Abandonnée – Nacho Cerdà (2006)

Le Richard Stanley de l'horreur ?

Le Richard Stanley de l’horreur ?

Nacho Cerdà, c’est un immense talent qui n’a jamais eu la chance de véritablement s’exprimer. Avec sa Trilogie de la mort, une compilation de 3 courts métrages fantastiques aux idées particulièrement brillantes et dérangeantes (je suis encore traumatisé par des images d’Aftermath qui me reviennent à l’esprit), il apparaissait déjà comme un artiste malsain, où la majesté de la mise en scène (revoir Genesis pour s’en rendre compte) devait être proportionnelle à l’horreur des scènes qui mettaient à mal le spectateur. C’est quelques années après ma découverte de ses courts métrages que je me lance enfin dans le visionnage d’Abandonnée. Pourquoi ? Pour la simple et bonne raison que je voulais avoir envie de le voir plutôt que de me forcer à le regarder parce que c’est un film signé Cerda. Seul et unique film de l’artiste visible chez nous (on parle d’un Yo soy legion dont il serait l’instigateur), il est aussi flippant que je le pensais.
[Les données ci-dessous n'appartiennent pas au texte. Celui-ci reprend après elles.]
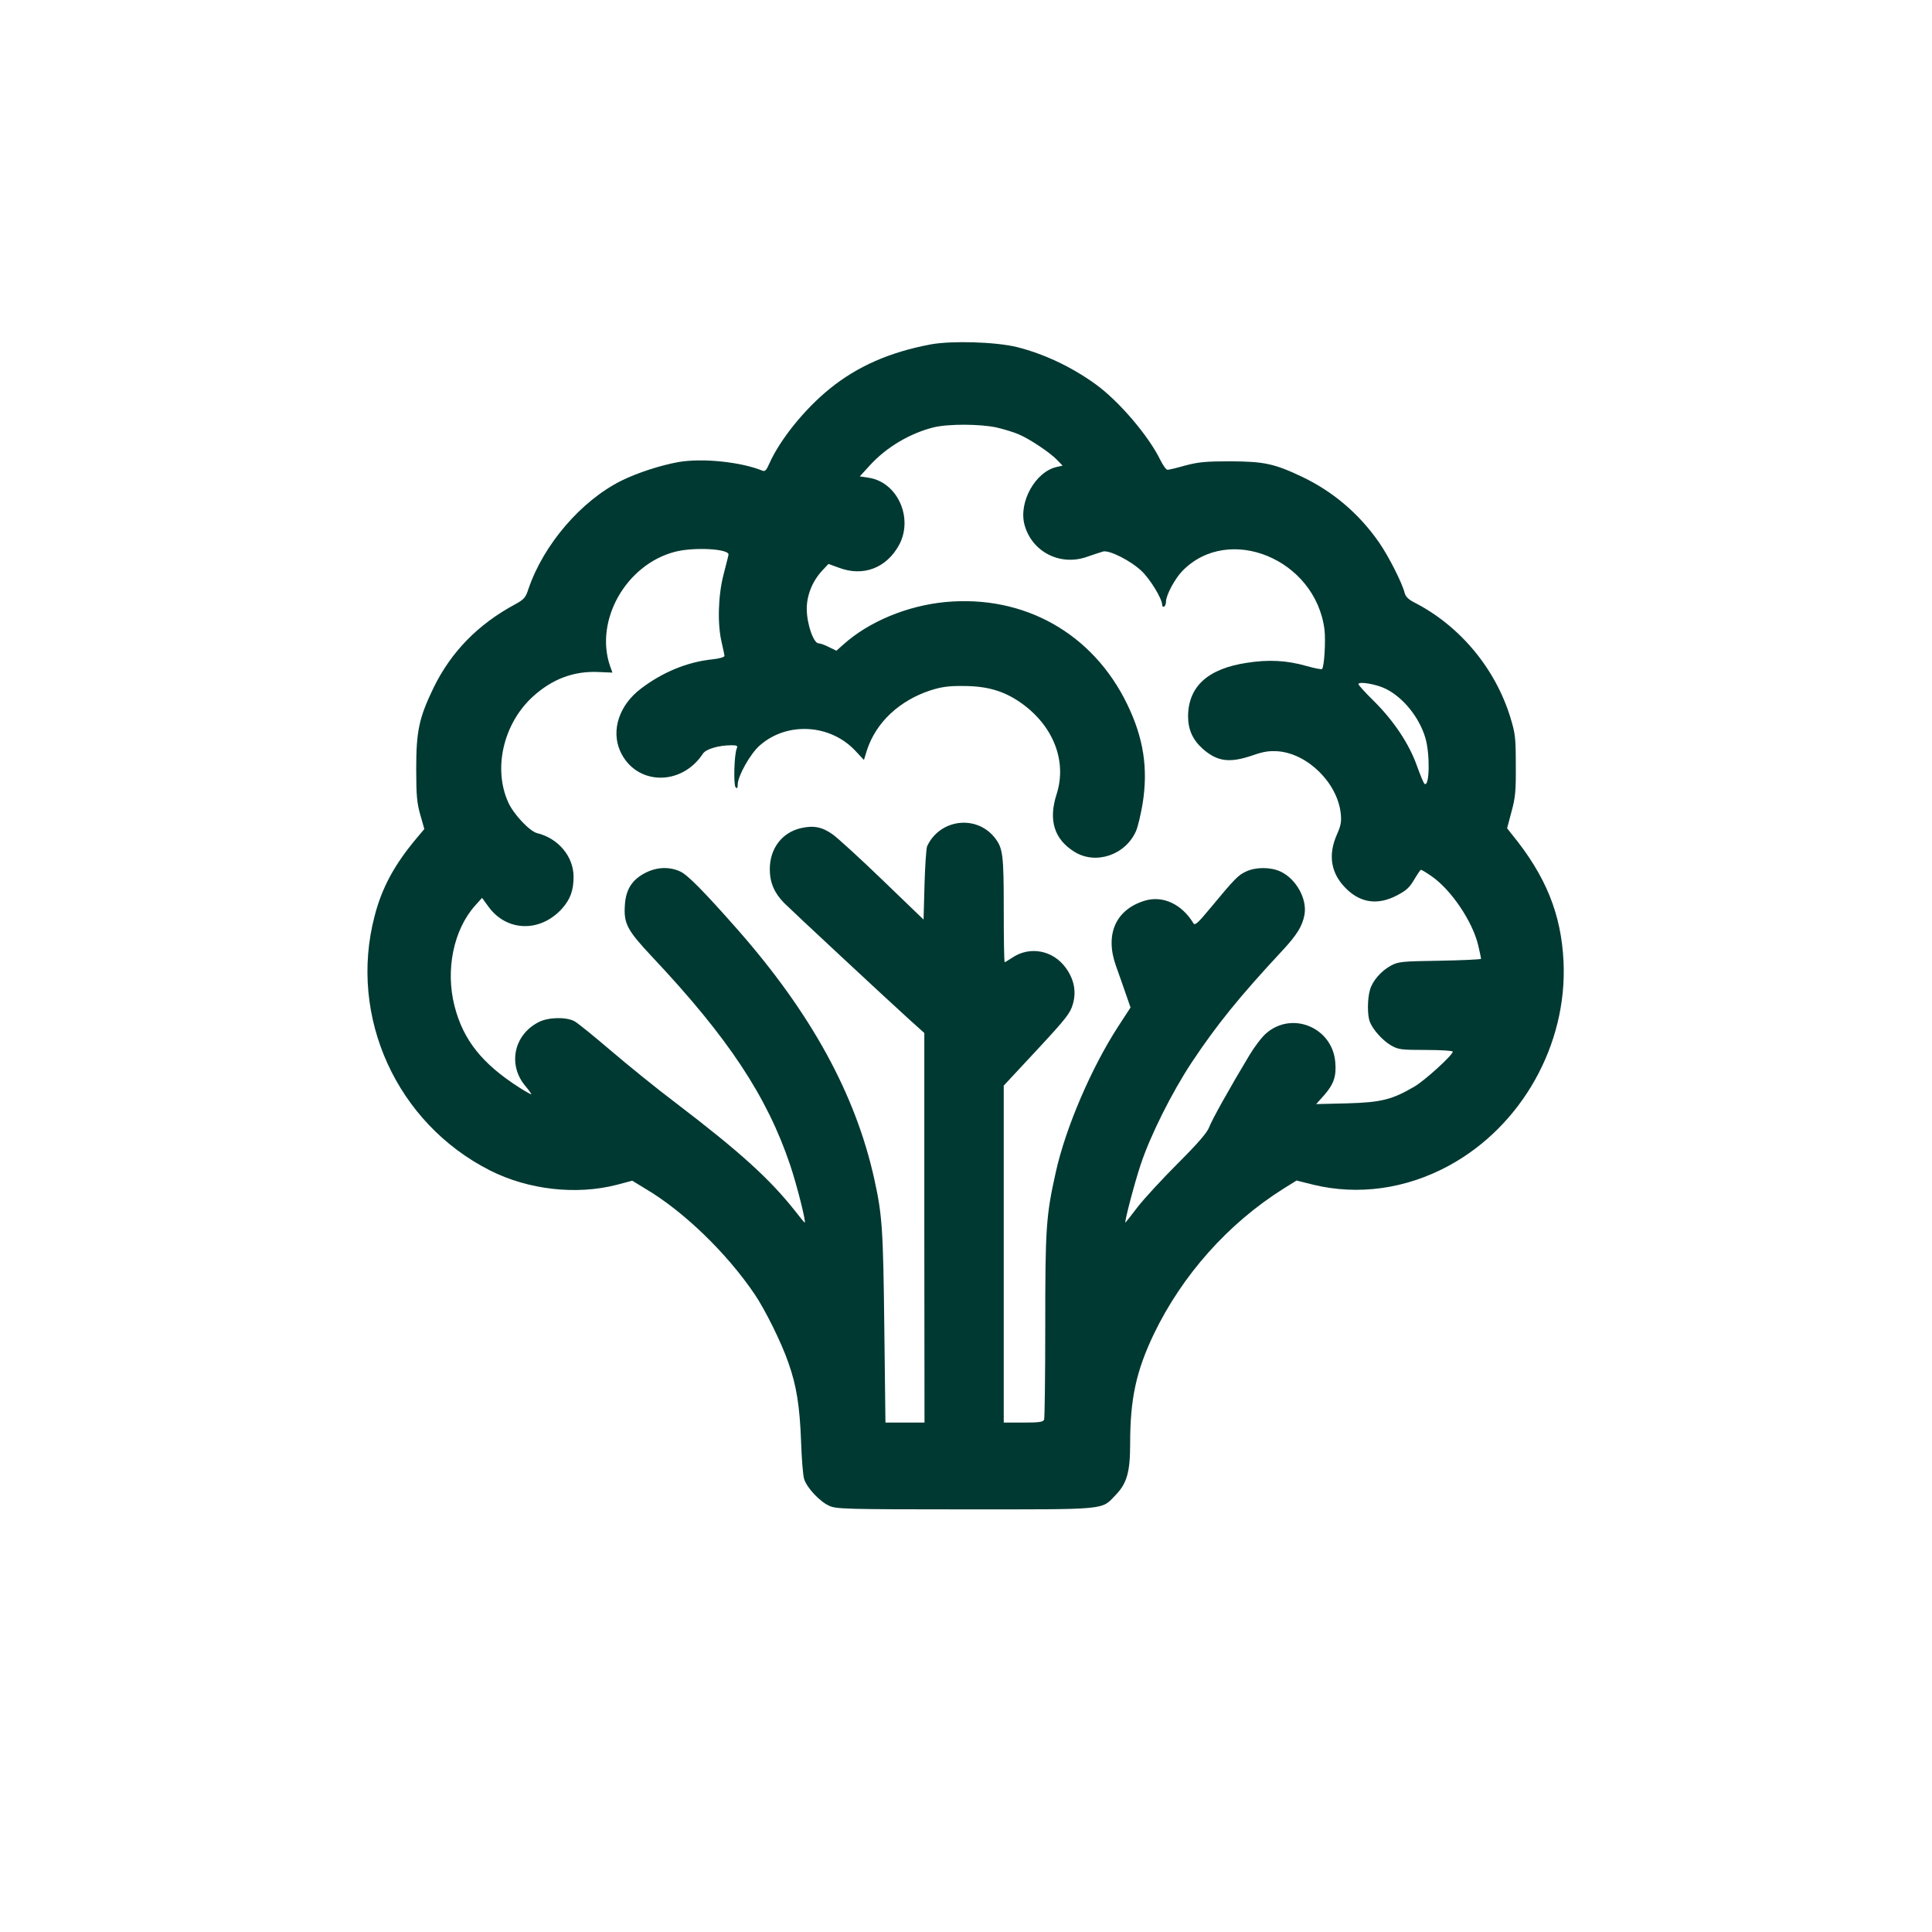 <?xml version="1.0" standalone="no"?>
<!DOCTYPE svg PUBLIC "-//W3C//DTD SVG 20010904//EN"
 "http://www.w3.org/TR/2001/REC-SVG-20010904/DTD/svg10.dtd">
<svg version="1.0" xmlns="http://www.w3.org/2000/svg"
 width="1024pt" height="1024pt" viewBox="0 0 1024 1024"
 preserveAspectRatio="xMidYMid meet">

<g transform="translate(0,1024) scale(0.1,-0.1)"
fill="#003932" stroke="none">
<path d="M4935 8415 c-219 -41 -390 -116 -538 -236 -133 -108 -262 -268 -319
-395 -15 -35 -23 -44 -36 -39 -115 47 -319 68 -446 46 -95 -17 -218 -57 -301
-98 -214 -106 -414 -339 -494 -574 -15 -47 -24 -56 -69 -81 -199 -107 -341
-253 -434 -443 -77 -160 -92 -229 -92 -430 0 -143 4 -182 22 -245 l21 -74 -37
-44 c-120 -142 -188 -266 -227 -419 -139 -533 118 -1097 613 -1347 202 -102
456 -131 670 -76 l83 22 69 -42 c202 -119 432 -341 580 -560 56 -83 143 -258
179 -364 43 -121 60 -230 67 -420 3 -89 10 -176 16 -195 14 -46 83 -120 133
-142 37 -17 83 -19 720 -19 764 0 721 -4 798 76 60 62 77 122 77 272 0 238 32
385 125 580 151 314 394 587 688 772 l69 43 88 -22 c238 -58 492 -23 720 101
386 210 628 642 607 1082 -12 251 -94 454 -273 673 l-26 33 23 87 c21 76 24
110 23 248 0 145 -3 168 -28 250 -80 263 -270 490 -512 613 -29 15 -44 30 -49
49 -13 53 -84 193 -135 267 -106 153 -246 272 -411 350 -146 69 -199 80 -379
81 -130 0 -168 -4 -237 -22 -45 -13 -88 -23 -95 -23 -7 0 -24 24 -38 52 -62
128 -221 314 -345 403 -128 92 -273 160 -417 196 -112 27 -342 34 -453 14z
m348 -441 c39 -9 91 -25 116 -36 58 -24 168 -98 204 -136 l29 -30 -31 -7
c-113 -25 -203 -186 -171 -306 39 -145 191 -222 335 -169 33 11 70 24 82 27
33 8 145 -48 203 -103 46 -43 110 -148 110 -181 0 -8 5 -11 10 -8 6 3 10 15
10 26 0 34 47 122 87 163 246 252 706 62 753 -311 7 -57 -1 -198 -13 -209 -3
-3 -40 4 -82 16 -105 30 -201 35 -316 17 -207 -31 -310 -125 -312 -282 0 -72
24 -126 79 -175 77 -67 141 -75 262 -34 60 21 88 25 136 22 158 -13 314 -168
332 -328 5 -46 1 -65 -20 -113 -49 -110 -32 -209 51 -289 76 -74 166 -86 265
-35 52 27 68 42 93 84 17 29 33 52 36 53 4 0 29 -15 55 -33 105 -72 219 -241
249 -368 8 -35 15 -67 15 -71 0 -3 -98 -8 -217 -10 -201 -3 -221 -5 -259 -25
-53 -28 -100 -82 -113 -130 -14 -48 -14 -134 -1 -168 16 -42 68 -100 113 -126
39 -22 52 -24 184 -24 79 0 143 -4 143 -9 0 -18 -147 -152 -203 -185 -118 -69
-175 -84 -356 -89 l-165 -4 42 47 c52 59 66 102 59 177 -16 182 -228 270 -365
152 -23 -19 -63 -72 -90 -117 -106 -176 -200 -345 -213 -381 -10 -28 -59 -85
-164 -190 -83 -83 -180 -188 -215 -233 -35 -46 -64 -83 -65 -83 -7 0 48 209
80 305 50 153 166 385 272 545 131 197 251 346 481 593 77 83 105 129 116 189
15 84 -45 191 -128 229 -52 24 -130 24 -181 0 -42 -19 -59 -36 -190 -194 -67
-81 -82 -94 -90 -80 -62 102 -163 148 -258 119 -154 -47 -212 -179 -152 -346
15 -41 38 -108 52 -148 l25 -72 -67 -103 c-140 -216 -277 -534 -329 -769 -52
-233 -56 -295 -56 -814 0 -265 -3 -489 -6 -498 -5 -13 -25 -16 -110 -16 l-104
0 0 893 0 893 175 188 c156 168 177 195 191 243 20 67 7 132 -37 193 -68 94
-191 117 -284 54 -20 -13 -38 -24 -40 -24 -3 0 -5 124 -5 276 0 299 -4 330
-51 388 -99 119 -289 93 -355 -49 -5 -11 -11 -103 -14 -204 l-5 -185 -218 210
c-119 115 -238 223 -263 241 -56 40 -101 49 -168 34 -101 -23 -166 -108 -166
-218 0 -71 24 -126 76 -179 42 -42 536 -502 665 -619 l78 -70 0 -1032 1 -1033
-104 0 -103 0 -6 503 c-6 524 -11 597 -53 787 -99 449 -334 878 -722 1320
-178 202 -268 294 -307 311 -57 26 -121 24 -182 -6 -72 -36 -106 -89 -111
-171 -7 -100 12 -134 145 -276 402 -427 608 -738 731 -1103 35 -104 86 -305
77 -305 -2 0 -25 28 -52 63 -134 169 -289 310 -631 571 -101 76 -256 202 -345
278 -89 76 -175 146 -192 155 -44 24 -140 22 -191 -5 -132 -68 -164 -228 -68
-340 19 -23 33 -42 29 -42 -3 0 -32 16 -63 36 -197 126 -297 252 -343 432 -49
192 -5 405 110 533 l36 40 35 -48 c96 -131 272 -136 387 -11 45 50 63 97 63
171 0 107 -81 204 -193 231 -40 10 -126 101 -154 165 -79 177 -26 410 125 553
105 98 222 143 357 136 l71 -3 -13 36 c-82 241 85 536 343 604 102 27 294 16
285 -16 -1 -8 -14 -56 -27 -108 -28 -110 -32 -261 -9 -356 8 -33 14 -65 15
-71 0 -7 -28 -15 -67 -19 -131 -14 -262 -68 -376 -155 -115 -87 -159 -220
-110 -331 82 -182 324 -189 439 -13 16 24 84 44 151 44 30 0 34 -3 28 -17 -14
-32 -18 -194 -6 -206 8 -8 11 -4 11 15 0 44 67 164 117 207 144 127 374 114
507 -29 l45 -48 16 52 c48 147 172 263 337 317 57 18 95 24 173 23 126 0 215
-26 303 -87 174 -121 249 -310 192 -487 -44 -137 -13 -238 95 -305 113 -70
270 -17 326 110 10 22 25 87 35 145 30 188 5 348 -81 526 -182 377 -547 582
-964 543 -202 -19 -407 -104 -542 -226 l-36 -32 -39 19 c-21 11 -46 20 -55 20
-27 0 -62 101 -63 180 -1 74 30 151 84 208 l31 33 55 -20 c129 -49 252 -2 319
120 78 144 -9 335 -162 357 l-46 7 53 58 c88 97 214 171 339 202 79 19 247 18
334 -1z m2062 -1385 c93 -46 178 -152 210 -261 25 -86 22 -259 -4 -243 -5 2
-23 46 -41 96 -41 116 -123 239 -229 344 -45 44 -81 84 -81 89 0 16 95 0 145
-25z"/>
</g>
</svg>

Ils sont aussi doux que des agneaux...

Ils sont aussi doux que des agneaux…

Même s’il s’appuie sur un genre depuis bien longtemps vidé de sa substance (la maison hantée et ses dérivés), Abandonnée parvient à nous tenir en haleine par une utilisation de l’atmosphère assez impressionnante. Chaque bruit et chaque son fait l’objet d’un examen minutieux pour retranscrire à la perfection l’angoisse des protagonistes. Et si la fin, pessimiste au possible, est un peu trop brouillonne, on ne pourra pas lui reprocher d’être avare lorsqu’il s’agit de nous foutre la trouille. Utilisant le septième art à la manière d’un magicien, Cerda s’amuse de son public en utilisant des procédés terriblement efficace (la lumière du faisceau de la lampe torche qui révèle la vraie nature des choses, la reconstruction de la maison) et encore jamais vus. Si le script souffre de ne pas être plus ouvert à la réflexion, la mise en scène fait oublier tout désagrément pour nous plonger au cœur même de ce qui fait le sel de l’horreur: l’absence totale de repères qui nous font vivre chaque minute comme la dernière.